Pourquoi la série Severance a visé juste et parle à tout le monde
Mégane Choquet
Mégane Choquet
-Journaliste
Journaliste spécialisée dans l'offre ciné et séries sur les plateformes quel que soit le genre. Ce qui ne l'empêche pas de rester fidèle à la petite lucarne et au grand écran.

Depuis son arrivée sur le petit écran, la série "Severance" a retourné le cerveau de nombreux spectateurs mais a aussi soulevé une nouvelle priorité majeure dans le monde du travail.

Production unique en son genre devenue un phénomène grâce au bouche-à-oreille et un accueil critique favorable, cette série de science-fiction notée 4,4 sur 5 par les spectateurs d'AlloCiné est considérée comme une des meilleures œuvres télévisées de ces dernières années.

Son succès lui a valu de nombreuses nominations et récompenses grâce à sa première salve d'épisodes qui avait fasciné son public pour son intrigue haletante et ses nombreux rebondissements.

Et la deuxième saison de Severance a créé un engouement encore plus fou, qui a fait de la série la plus vue de tous les temps sur Apple TV+. Grâce la sortie de la saison 2 de la série créée par Dan Erickson et produite par Ben Stiller, la plateforme de streaming a connu une croissance de 126 % du nombre d’abonnés en janvier 2025.

Une série à laquelle on peut s'identifier

Si la majorité des fans louent l'écriture, les personnages, les rebondissements et l'univers qui n'est pas Lost de Severance, la série a su attirer un public pour sa thématique principale, entre Black Mirror et The Office.

Pour rappel, Severance raconte l'histoire de Mark Scout (Adam Scott), qui travaille pour Lumon Industries. Les employés de cette entreprise ont tous subi une opération chirurgicale de séparation entre leurs souvenirs liés à leur vie professionnelle et ceux liés à leur vie privée, qu'on appelle la "dissociation" ("severance", en anglais).

Une partie du public s'est identifiée à la série sur les conséquences que le travail peut avoir sur la santé mentale. Ben Stiller a d'ailleurs évoqué pour AlloCiné les retours qu'il avait pu avoir du public à ce sujet :

"Je pense que le moment où la série est enfin sortie, alors que nous l'avons préparée au pic de la pandémie, a été un heureux hasard. Je pense que cela a eu pour effet de permettre aux gens de faire un bilan de leur propre situation professionnelle et personnelle.

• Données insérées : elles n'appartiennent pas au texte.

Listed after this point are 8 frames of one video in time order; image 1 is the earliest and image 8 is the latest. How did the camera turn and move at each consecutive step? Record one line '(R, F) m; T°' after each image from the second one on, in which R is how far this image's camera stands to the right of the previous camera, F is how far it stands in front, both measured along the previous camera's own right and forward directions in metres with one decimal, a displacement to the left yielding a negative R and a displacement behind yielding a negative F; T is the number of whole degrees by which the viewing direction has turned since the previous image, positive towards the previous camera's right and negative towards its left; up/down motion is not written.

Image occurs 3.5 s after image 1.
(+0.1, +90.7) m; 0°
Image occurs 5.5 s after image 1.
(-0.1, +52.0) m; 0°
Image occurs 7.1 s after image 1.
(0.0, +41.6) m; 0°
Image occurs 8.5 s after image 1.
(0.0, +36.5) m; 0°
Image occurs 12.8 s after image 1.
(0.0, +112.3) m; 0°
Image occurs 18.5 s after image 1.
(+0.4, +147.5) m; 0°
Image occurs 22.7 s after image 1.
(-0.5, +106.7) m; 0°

C'était vraiment intéressant d'entendre les retours des gens et de voir comment les gens réagissaient de différentes manières. Je sais qu'il y a un fan de la série qui était un vétéran de la guerre en Irak qui nous a parlé de ses expériences avec le stress post-traumatique.

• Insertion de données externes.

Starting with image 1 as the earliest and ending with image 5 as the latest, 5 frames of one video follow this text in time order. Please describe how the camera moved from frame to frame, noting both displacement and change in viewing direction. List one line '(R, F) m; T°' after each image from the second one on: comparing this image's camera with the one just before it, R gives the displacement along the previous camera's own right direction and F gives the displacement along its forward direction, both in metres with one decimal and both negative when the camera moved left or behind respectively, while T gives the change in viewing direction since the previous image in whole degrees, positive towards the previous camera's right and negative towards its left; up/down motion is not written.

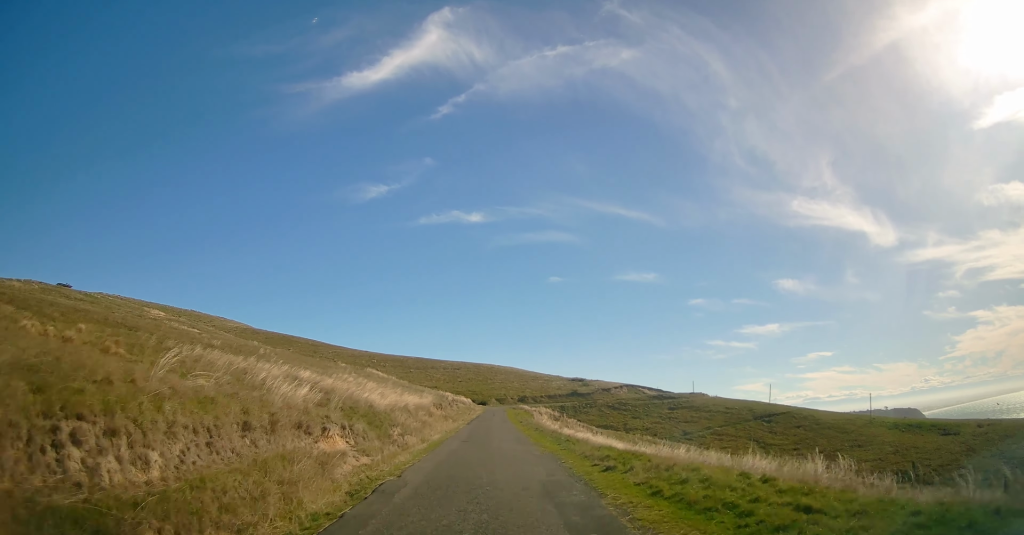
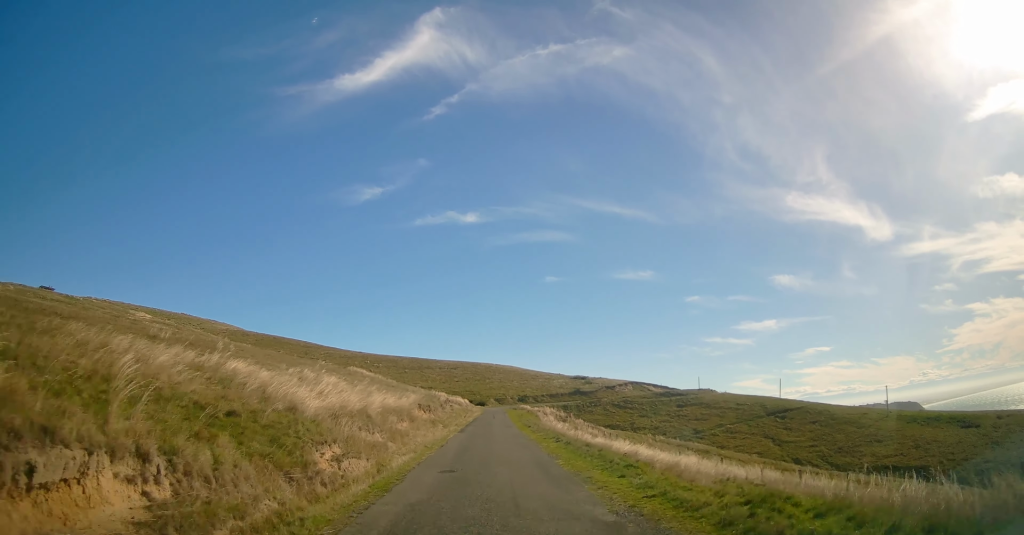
(+0.1, +9.8) m; +1°
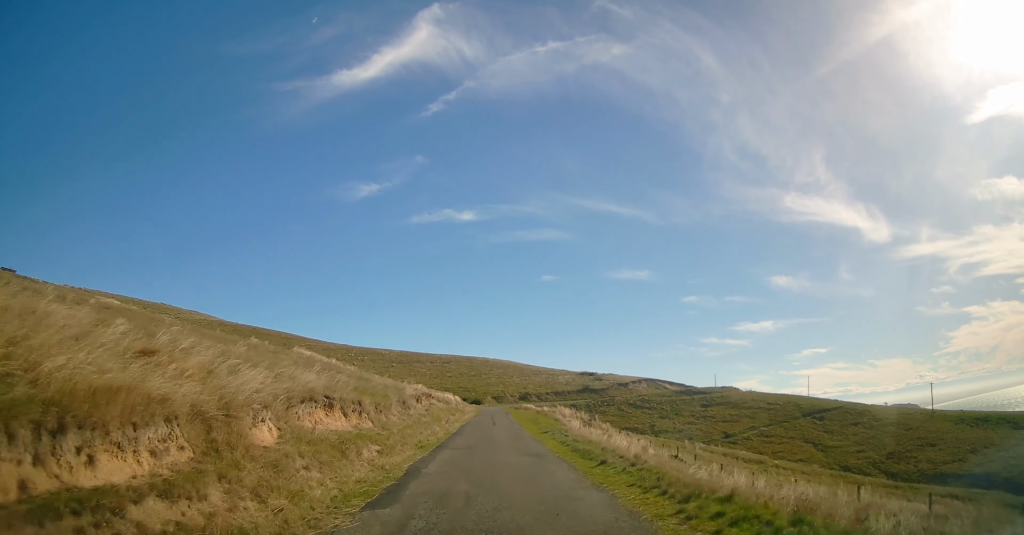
(-0.2, +23.3) m; -1°
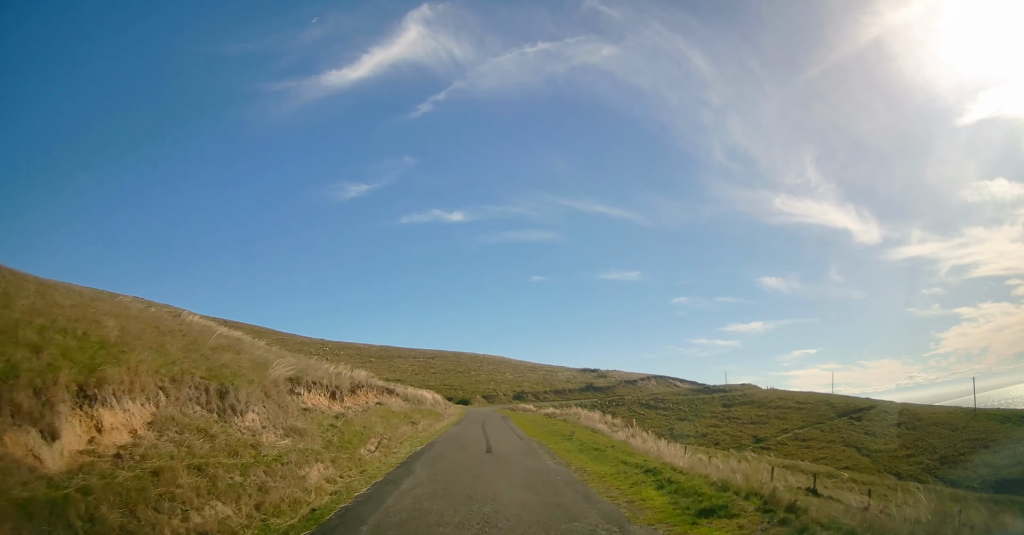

Il s'est identifié d'une certaine manière à la série et s'est posé des questions sur la façon dont une puce de dissociation affecterait les gens de cette manière, sans traiter de souvenirs traumatisants. Et ainsi de suite, d'une extrémité à une autre du spectre, l’aspect étrange et amusant de la série, qui, je pense, est aussi, d’une certaine manière, une évasion amusante de la vraie vie."

L'équilibre vie personnelle / vie professionnelle au cœur des priorités

Depuis la pandémie mondiale, les priorités de certains et certaines ont changé, notamment dans le monde du travail. Et de plus en plus de personnes, qui ont eu l'occasion de réfléchir sur eux-mêmes et leur existence, souhaitent préserver leurs vies personnelles et trouver un équilibre entre le travail et le privé.

D'après une étude du cabinet de recrutement spécialisé Robert Half - la 4ème édition de son baromètre "Ce que veulent les Candidats" -, les tendances sur le marché du recrutement ont évolué ces dernières années du côté des salariés.

Ces derniers, toutes générations confondues, sont devenus plus exigeants ces 12 derniers mois sur trois critères précis : le salaire (62%), l'équilibre vie pro/vie perso (51%) et le sens du travail (44%).

Si le salaire reste en première position, toutes générations confondues, l'équilibre vie pro/ vie perso arrive systématiquement en 2e position, avec une part particulièrement élevée de 56% pour les 35-44 ans.

"Aujourd'hui, l'équilibre entre vie pro et vie perso est au cœur de tous les sujets", nous a expliqué Pierre Sperat-Czar, Talent manager chez Robert Half, "Lorsqu'on fait passer des entretiens aux candidats, ils ont tous très souvent la question du télétravail, des horaires de travail flexibles et la culture de l'entreprise vis-à-vis de la liberté du salarié sur ces questions".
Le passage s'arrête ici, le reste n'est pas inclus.